Sleeping Position Matters in Patients With GERD

NEW YORK (Reuters Health) – The position in which a person with gastroesophageal reflux disease (GERD) sleeps appears to have an impact on the occurrence of reflux symptoms during the night, according to a small study that suggests lying on the left side is best.

“Findings of this study suggest that when time spent in the right lateral and supine sleep positions can be reduced or avoided entirely, patients will have a substantially lower acid exposure time, which may result in less esophageal damage and fewer nocturnal reflux symptoms,” the study team writes in the American Journal of Gastroenterology.

“This is not common knowledge among doctors. We hope that this study changes this,” first author Dr. Jeroen Schuitenmaker with Department of Gastroenterology and Hepatology, University Medical Centers Amsterdam, the Netherlands, told Reuters Health by email.

“Lifestyle modifications, such as raising the head-end of the bed and avoiding eating and/or drinking before going to bed, are often the first steps in the treatment of troublesome nocturnal reflux symptoms,” Dr. Schuitenmaker noted.

“With the information from this study, clinicians could advise patients to sleep on the left lateral decubitus position as much as possible to reduce the occurrence of heartburn and/or regurgitation symptoms,” Dr. Schuitenmaker added.

Most patients with GERD experience symptoms at night, which can harm sleep quality. Studies in healthy volunteers and patients with GERD have suggested that the right lateral decubitus position is associated with a higher esophageal acid exposure time compared with the left lateral decubitus position.

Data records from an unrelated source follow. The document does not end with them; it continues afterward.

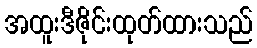
အထူးဒီဇိုင်းထုတ်ထားသည်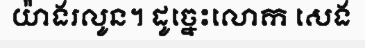
យ៉ាងរលូន។ ដូច្នេះលោក សេង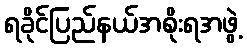
ရခိုင်ပြည်နယ်အစိုးရအဖွဲ့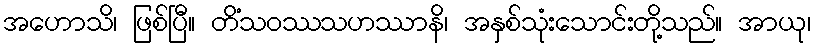
အဟောသိ၊ ဖြစ်ပြီ။ တိံသဝဿသဟဿာနိ၊ အနှစ်သုံးသောင်းတို့သည်။ အာယု၊

“However, these small sample size studies have used experimental conditions that do not reflect the nighttime because these were performed during daytime when awake, only focusing on the postprandial period or without pH-impedance technology,” the researchers point out in their paper.

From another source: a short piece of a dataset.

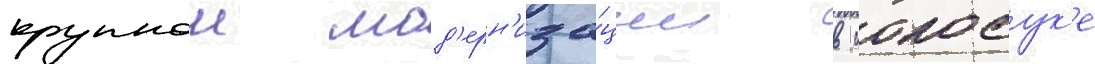
крупнои мод'ерн'иза́ции в иокосук'е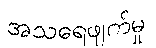
အသရေဖျက်မှု

They investigated the effect of spontaneous sleep positions on the occurrence of nocturnal gastroesophageal reflux by combining pH-impedance and sleep position monitoring in 57 patients with reflux symptoms.

They observed a significantly shorter acid exposure time when the patient slept in the left lateral position compared with the right lateral position (P=0.022) and the supine position (P=0.022).

In addition, the esophageal acid clearance time was significantly shorter in the left lateral position compared with the supine (P=0.030) and right lateral positions (P=0.002).

“Our findings confirm previous experimental studies in which the left lateral decubitus position was found to be associated with a substantially shorter esophageal acid exposure time and faster esophageal acid clearance compared with the right lateral decubitus position,” Dr. Schuitenmaker and colleagues write.

“These findings provide a rationale for interventions aiming to promote the left lateral decubitus sleep position to alleviate nocturnal esophageal acid exposure and reflux symptoms,” they add.

They note that the exact cause of faster esophageal clearance and shorter esophageal exposure time in the left lateral decubitus position “should be further explored. However, the position of the stomach relative to the esophagogastric junction is the most likely explanation.”